Having sailed into the charts with their first album, Cornwall's ten-man choir are bringing their shanties to Glasgow for Celtic Connections, but be warned, the songs' origins mean the language is quite salty

• The ten members of Fisherman's Friends are not all fishermen, but they do have a strong connection with the sea in their native Port Isaac

LAST week it was announced that a humble Cornish male-voice choir who have been singing sea shanties for fun for the best part of 20 years have been nominated as Best Group at this year's Radio 2 Folk Awards.
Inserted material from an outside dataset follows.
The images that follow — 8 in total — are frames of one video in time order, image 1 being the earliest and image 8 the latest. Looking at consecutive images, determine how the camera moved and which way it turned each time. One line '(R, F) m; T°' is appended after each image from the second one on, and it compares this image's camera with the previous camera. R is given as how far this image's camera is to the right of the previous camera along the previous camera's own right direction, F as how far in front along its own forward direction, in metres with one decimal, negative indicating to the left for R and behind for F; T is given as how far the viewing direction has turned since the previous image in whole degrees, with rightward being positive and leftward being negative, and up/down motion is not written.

Whether or not they scoop this prize, Fisherman's Friends will be going home with the Good Tradition Award, in recognition of the history-making performance of their current album Port Isaac's Fisherman's Friends, which became the first traditional folk album to debut in the Top 10 of the network charts. This caps a whirlwind year for the ten-strong group, who have been entertaining locals and visitors to their native Port Isaac – a fishing village about ten miles north of Wadebridge in north Cornwall – throughout the summer months for the past 15 years or so with their Friday night waterfront gigs.
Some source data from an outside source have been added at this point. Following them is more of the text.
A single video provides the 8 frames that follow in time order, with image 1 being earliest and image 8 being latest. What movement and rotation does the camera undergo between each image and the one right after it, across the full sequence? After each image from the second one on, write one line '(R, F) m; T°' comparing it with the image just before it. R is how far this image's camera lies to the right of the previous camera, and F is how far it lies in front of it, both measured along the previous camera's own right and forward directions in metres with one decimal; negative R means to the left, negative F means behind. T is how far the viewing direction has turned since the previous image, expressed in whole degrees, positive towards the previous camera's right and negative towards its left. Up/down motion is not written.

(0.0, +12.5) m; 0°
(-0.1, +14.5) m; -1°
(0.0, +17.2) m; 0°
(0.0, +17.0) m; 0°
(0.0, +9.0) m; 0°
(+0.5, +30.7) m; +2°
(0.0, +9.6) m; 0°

The group had a couple of mail-order albums and a robust local reputation to their name when they were "discovered" at one of their regular sing-songs in 2009 by holidaying producer Rupert Christie and Radio 2 DJ Johnnie Walker. Within a matter of months, they were chart artists, packing them in at the Glastonbury and Cambridge Folk Festivals.

Jon Cleave, the burly bloke with the bald head, walrus moustache and booming bass voice, who stands stage right in Fisherman's Friends, is tickled by this upswell in notoriety. He jokes about their entourage of Fwags – fishermen's wives and girlfriends – but says "although we've been bracketed as folk singers, we're never sure if we are, to be honest. We're all working men – apart from Peter, who's retired – so we're not professional musicians."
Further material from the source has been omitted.